Registration Number: NCT00113087

Lead Sponsor: National Heart, Lung, and Blood Institute (NHLBI)

Brief Summary: This study will evaluate the efficacy and safety of administering an angiotensin converting enzyme inhibitor (ACE-I) (enalapril) to infants with a functional single ventricle. The study will also compare the effect of ACE-I therapy to placebo on somatic growth and compare the effect of ACE-I therapy to placebo on signs and symptoms of heart failure, neurodevelopmental and functional status, ventricular geometry, function, and atrioventricular (AV) valve regurgitation. In addition, the study will determine the relationship between genetic polymorphisms linked to ventricular hypertrophy (enlarged heart) and the response to ACE-I therapy and compare the incidence of adverse events in subjects treated with ACE-I with those in subjects treated with placebo.

Detailed Description: BACKGROUND:

Growth impairment is common in infants and children with congenital heart disease, most often in the presence of congestive heart failure and/or cyanosis. Growth failure is noted in many infants with a single ventricle who manifest both cyanosis and heart failure that commonly persist after palliative surgery. Whether this impairment is related to persistent or progressive abnormalities in cardiac structure and function is not known. ACE-Is are widely used in the treatment of infants with severe congestive heart failure to improve cardiac function and somatic growth. The ability of an ACE-I to improve somatic growth in infants with a single ventricle has not been previously studied.

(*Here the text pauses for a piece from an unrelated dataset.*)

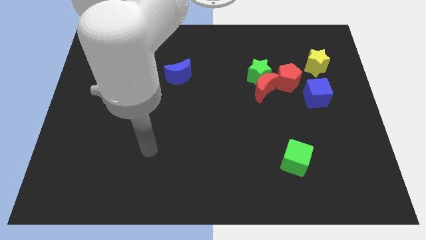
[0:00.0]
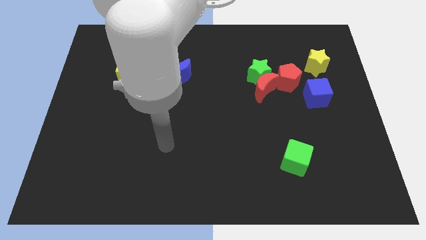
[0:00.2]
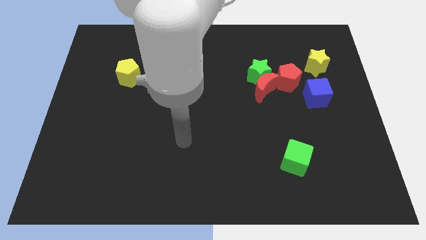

This study has been approved by the Institutional Review Boards/Research Ethics Boards of all participating clinical centers:

Hospital for Sick Children, Toronto, Canada

Children's Hospital Boston, Boston, MA

Columbia College of Physicians and Surgeons, New York, NY

Children's Hospital of Philadelphia, Philadelphia, PA

Duke University Medical Center, Durham, NC

Brody School of Medicine at East Carolina University, Greenville, NC

Wake Forest Baptist Medical Center, Winston Salem, NC

Medical University of South Carolina, Charleston, SC

Primary Children's Medical Center, Salt Lake City, UT

Children's Hospital of Wisconsin, Milwaukee, WI

Cincinnati Children's Hospital Medical Center, Cincinnati, OH

DESIGN NARRATIVE:

This is a prospective, randomized, double-blind, placebo-controlled trial of ACE-I in infants with a single ventricle. After stratification by ventricular anatomy, neonates will be randomly assigned to receive enalapril or placebo and then followed for 14 months.

Recruitment & Eligibility

Status: COMPLETED

Sex: All

Target Recruitment: 230

Inclusion Criteria

Less than or equal to 45 days of age
Age greater than 1 week if born at 35 weeks gestation
Single ventricle physiology
Stable systemic and pulmonary blood flow
Planned Glenn shunt surgery (or variant known as hemi-Fontan)

Exclusion Criteria

Birth weight less than or equal to 2.5 kg if gestational age is greater than or equal to 38 weeks
Birth weight less than the 10th percentile for gestational age if gestational age is 35 to 37 weeks
Less than 35 weeks gestation
Anatomic diagnosis of pulmonary atresia with intact ventricular septum
Less than 3 days after palliative cardiac surgical procedure, if performed
Aortic oxygen saturation less than 65%
Current mechanical ventilatory support
Current intravenous inotropic support
Creatinine greater than 1.0 mg/dL
Absolute neutrophil count less than 1,000 cells/mL
Chromosomal or recognizable phenotypic syndrome of noncardiac congenital abnormalities associated with growth failure (e.g., Trisomy 21, Noonan's syndrome, Turner's syndrome)
Prior ACE inhibitor use for greater than 7 consecutive days

Study & Design

Study Type: INTERVENTIONAL

Study Design: PARALLEL

Arm && Interventions

Group	Intervention	Description
Placebo	Placebo	Placebo (Ora-Plus and Ora-Sweet)
Enalapril	Enalapril	Enalapril (angiotensin converting enzyme inhibitor)

Primary Outcome Measures

Name	Time	Method
Weight-for-age Z-score at 14 Months of Age	Measured at baseline, 2 weeks after starting study drug, just prior to the Glenn surgery, 7 days after restarting drug following the Glenn surgery, at 10 months of age, and at 14 months of age	Weight-for-age z-score at 14 months of age. In primary analysis outcome is defined as predicted mean of weight z-score at age 14 months based on longitudinal modeling(and adjusted for baseline values)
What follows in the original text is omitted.